=== RECORDS TO USE ===

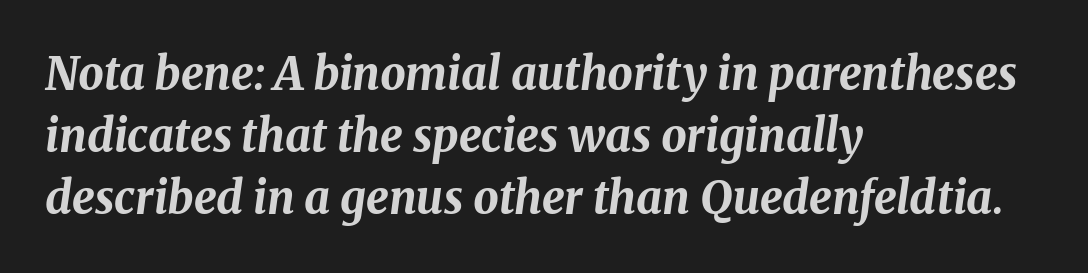
{"italic": "yes", "lean": "right", "slant_degrees": 8, "bold": "yes", "weight": "bold", "width": "normal", "stroke_contrast": "medium", "x_height": "medium", "monospaced": "no", "underline": "no", "align": "left", "line_spacing": "normal", "line_spacing_ratio": 1.38, "letter_spacing": "normal", "letter_spacing_em": 0.0, "glyph_px": 45}
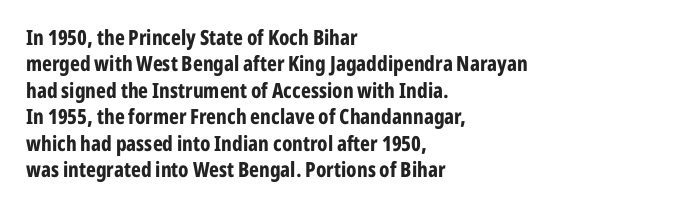
What weight is shown? A full bold with thick strokes. The lettering holds an erect, upright posture throughout. Plain, unruled lines of type. The rendering keeps characters at their native spacing. Leading: standard.
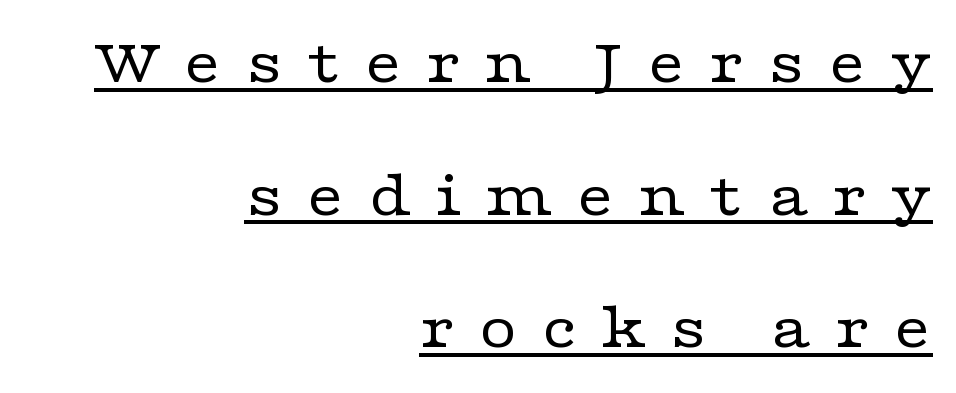
These lines stand farther apart than default settings would place them. In terms of posture, this sample is upright. Alignment: flush right. No extra ink here — the face is not bold. What decoration does the sample have? An underline.
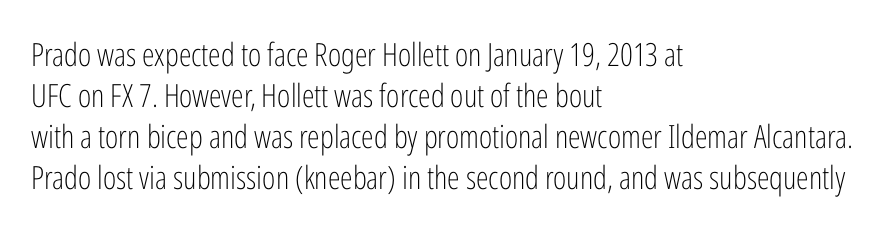
What kind of face is this? One without serifs — a sans. Does the copy run flush right? No — it runs flush left. Heaviness? Minimal to ordinary, like unemphasized prose. Proportional: the letters do not fall into vertical columns. The words here are not underlined. One glance says typical: line gaps are just what's usual.
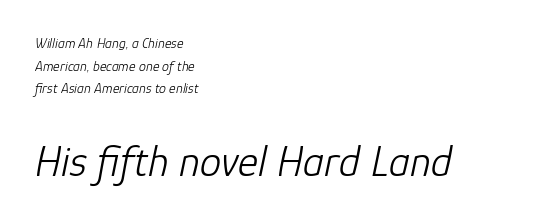
Q: Is the text bold? A: No.
Q: Is the text italic (slanted)? A: Yes, it leans right by about 12 degrees.
Q: Is the text underlined? A: No.
Q: How is the paragraph aligned? A: Left-aligned.
Q: Is the spacing between letters normal or unusually wide? A: Normal.
Q: Is the spacing between lines tight, normal or loose? A: Normal.
Q: Which block of text is set in a larger size, the first (top) or the second (bottom)? A: The second (bottom) one.
Q: Width (condensed, normal, or wide)? A: Normal.
Q: Stroke contrast? A: Low.
Q: x-height? A: Medium.
Q: Monospaced? A: No.
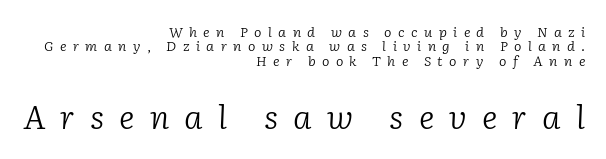
Examine the stroke ends and you'll spot serifs. Size contrast runs from small at the top to large at the bottom. In CSS terms this would be text-align: right. These lines are rendered in a variable-pitch font. The strokes carry an ordinary text weight at most. Leading: reduced.
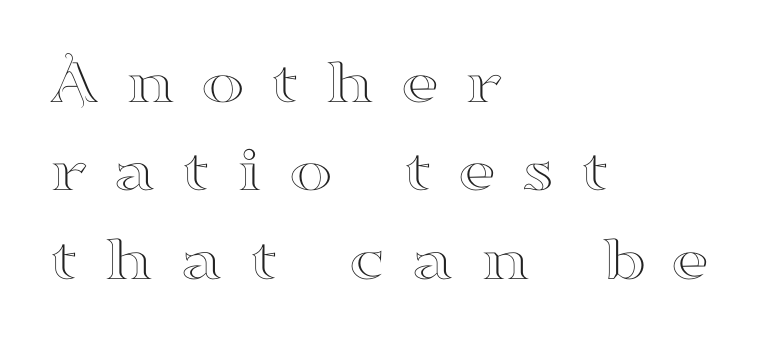
{"serif": "yes", "italic": "no", "width": "wide", "stroke_contrast": "high", "x_height": "small", "monospaced": "no", "underline": "no", "align": "left", "line_spacing": "normal", "line_spacing_ratio": 1.34, "letter_spacing": "wide", "letter_spacing_em": 0.38, "glyph_px": 66}
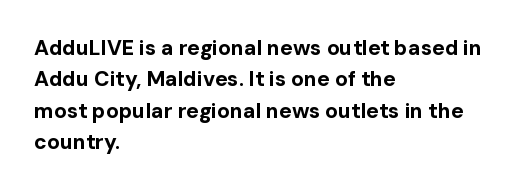
{"italic": "no", "bold": "yes", "underline": "no", "align": "left", "line_spacing": "normal", "line_spacing_ratio": 1.49, "letter_spacing": "normal", "letter_spacing_em": 0.0, "glyph_px": 21}

===

- **REQUIRED WORK**: Each line from the first line of the records through the line containing "These lines stand" must be reproduced exactly, with both ends included and all pictures omitted; nothing else belongs in the answer.

- **EXERCISE OUTPUT**:
{"italic": "yes", "lean": "right", "slant_degrees": 8, "bold": "yes", "weight": "bold", "width": "normal", "stroke_contrast": "medium", "x_height": "medium", "monospaced": "no", "underline": "no", "align": "left", "line_spacing": "normal", "line_spacing_ratio": 1.38, "letter_spacing": "normal", "letter_spacing_em": 0.0, "glyph_px": 45}
What weight is shown? A full bold with thick strokes. The lettering holds an erect, upright posture throughout. Plain, unruled lines of type. The rendering keeps characters at their native spacing. Leading: standard.
These lines stand farther apart than default settings would place them. In terms of posture, this sample is upright. Alignment: flush right. No extra ink here — the face is not bold. What decoration does the sample have? An underline.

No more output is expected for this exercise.